Many people go through life without ever seeing Mercury, even though it shines as brightly as some of the brightest stars in the sky. That is because it never gets far enough away from the Sun to be seen in a dark sky.
You have to look for it when it gets furthest from the Sun, as seen from the Earth, which means either during dusk in the evenings, or just before dawn when it is in the morning sky. Even at one of it better apparitions, when it gets 28° from the Sun, it will still be low over the horizon, and so may be lost in murk or cloud.
The times to look for Mercury are when it reaches its eastern elongation after sunset or western elongation before sunrise. But one elongation is not the same as another. Best times to look are when the celestial ecliptic – the imaginary line through the sky along which the Sun and planets appear to travel – is steepest to the horizon.
First thing to do if you want to see Mercury is to check whether it is currently visible in our monthly guide to the night sky, and whether you need to look before dawn or after sunset.
Even when it does make one of its favourable appearances, at the time of what astronomers call its greatest elongation from the Sun, it will still be close to the horizon so that low cloud or inconvenient buildings can block it from view.
Binoculars will help you to pick it out – but never look with them while the Sun is still above the horizon. Because it zips round the Sun so quickly, Mercury’s favourable appearances do not last long, so spot it while you can! A telescope will show that the planet exhibits Moon-like phases but do not expect to see any surface detail.
How to photograph Mercury
Mercury becomes bright enough to photograph fairly easily with an ordinary camera when near one of its morning or evening elongations. It will show as a starlike point. However, it can be tricky to judge the right exposure time to give so that the planet’s bright point of light is not lost in the background twilight.

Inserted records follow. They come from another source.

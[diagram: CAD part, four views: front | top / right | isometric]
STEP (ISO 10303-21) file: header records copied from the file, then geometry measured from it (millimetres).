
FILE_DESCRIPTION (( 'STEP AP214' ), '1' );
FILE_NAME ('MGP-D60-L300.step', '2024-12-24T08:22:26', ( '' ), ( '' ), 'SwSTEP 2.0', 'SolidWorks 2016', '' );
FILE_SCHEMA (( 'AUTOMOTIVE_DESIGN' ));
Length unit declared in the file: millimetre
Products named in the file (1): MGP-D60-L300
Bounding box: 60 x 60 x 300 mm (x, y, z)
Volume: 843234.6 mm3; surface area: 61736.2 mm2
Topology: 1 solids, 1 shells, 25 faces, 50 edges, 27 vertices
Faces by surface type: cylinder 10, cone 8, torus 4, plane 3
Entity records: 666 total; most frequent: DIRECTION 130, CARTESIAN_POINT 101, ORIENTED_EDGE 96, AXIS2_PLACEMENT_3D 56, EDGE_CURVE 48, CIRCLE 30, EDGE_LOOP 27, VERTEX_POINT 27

Too long an exposure can over-brighten the sky background, leaving little contrast between it and the planet’s dot. Too short an exposure and Mercury may not show up brightly enough. But hard and fast exposure details are difficult to give when the sky brightness if changing all the time, along with Mercury’s brightness from day to day, and local sky conditions.

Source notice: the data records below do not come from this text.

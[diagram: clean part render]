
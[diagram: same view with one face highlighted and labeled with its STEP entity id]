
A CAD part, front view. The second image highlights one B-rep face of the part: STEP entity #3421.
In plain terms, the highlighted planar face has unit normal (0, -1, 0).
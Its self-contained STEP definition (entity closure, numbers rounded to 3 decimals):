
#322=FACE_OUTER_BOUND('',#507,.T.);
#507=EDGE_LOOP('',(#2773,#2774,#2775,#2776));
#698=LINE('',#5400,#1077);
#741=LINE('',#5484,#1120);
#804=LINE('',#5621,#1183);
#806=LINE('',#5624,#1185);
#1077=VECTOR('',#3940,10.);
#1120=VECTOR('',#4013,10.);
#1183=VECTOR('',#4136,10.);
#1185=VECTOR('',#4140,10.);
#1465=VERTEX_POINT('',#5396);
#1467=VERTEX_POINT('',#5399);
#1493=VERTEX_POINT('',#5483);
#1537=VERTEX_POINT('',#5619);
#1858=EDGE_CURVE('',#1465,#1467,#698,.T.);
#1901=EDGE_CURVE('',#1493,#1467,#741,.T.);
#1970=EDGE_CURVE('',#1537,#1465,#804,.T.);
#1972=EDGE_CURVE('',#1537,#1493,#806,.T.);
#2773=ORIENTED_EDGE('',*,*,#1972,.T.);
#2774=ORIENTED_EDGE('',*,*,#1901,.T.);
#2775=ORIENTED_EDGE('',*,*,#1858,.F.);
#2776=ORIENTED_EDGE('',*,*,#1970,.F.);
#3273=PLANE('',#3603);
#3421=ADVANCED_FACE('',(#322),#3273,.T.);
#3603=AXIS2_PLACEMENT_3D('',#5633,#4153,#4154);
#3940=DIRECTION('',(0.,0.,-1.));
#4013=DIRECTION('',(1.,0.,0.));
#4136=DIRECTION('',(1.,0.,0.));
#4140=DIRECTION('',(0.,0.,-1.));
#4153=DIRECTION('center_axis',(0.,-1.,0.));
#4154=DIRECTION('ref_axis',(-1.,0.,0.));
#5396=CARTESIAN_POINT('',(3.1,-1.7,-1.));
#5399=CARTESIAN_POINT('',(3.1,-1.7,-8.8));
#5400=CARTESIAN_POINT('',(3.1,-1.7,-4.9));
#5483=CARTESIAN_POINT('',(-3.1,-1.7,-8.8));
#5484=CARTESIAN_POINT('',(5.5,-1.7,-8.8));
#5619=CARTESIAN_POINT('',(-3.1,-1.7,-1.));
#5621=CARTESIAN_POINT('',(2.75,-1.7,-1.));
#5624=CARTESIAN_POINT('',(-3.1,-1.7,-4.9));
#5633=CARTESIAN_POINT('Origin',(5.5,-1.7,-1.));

The solution, if you have a camera with manual controls, is to take a range of exposures, and to vary such options as “film speed”, or ISO, and shutter speed. So, for example, you might set your camera to ISO 800 and then take several shots, from a couple of seconds duration to 8 or 10 seconds long. That way, you will hopefully find that amongst a number of images, one or two will show Mercury nicely.
If you have some image enhancing software on your computer, such as Photoshop, or access to a free online graphics editor, such as Pixlr.com, then you can adjust such things as the brightness and contrast of the photos you have taken, to help Mercury show more clearly.
Observing a transit of Mercury
Very occasionally, Mercury also reveals itself when it makes a transit across the face of the Sun. The usual essential safety precautions must be taken on such occasions and will reveal the planet as a tiny dot against the solar disk. The last Transit of Mercury was on November 11, 2019, and unfortunately the next will not occur until November 13, 2032!
Transits of Mercury can occur in May or November, when the planes of our two planets’ orbits intersect at what are known as the nodes. Intervals of 13 and 33 years separate May transits, and intervals of 7, 13 and 33 years, November transits.
Mercury is too small to be seen using eclipse glasses, and a telescope will be needed to show its black dot silhouetted against the Sun’s disk. On no account look through a telescope at this, unless it is fitted with a professional-standard filter.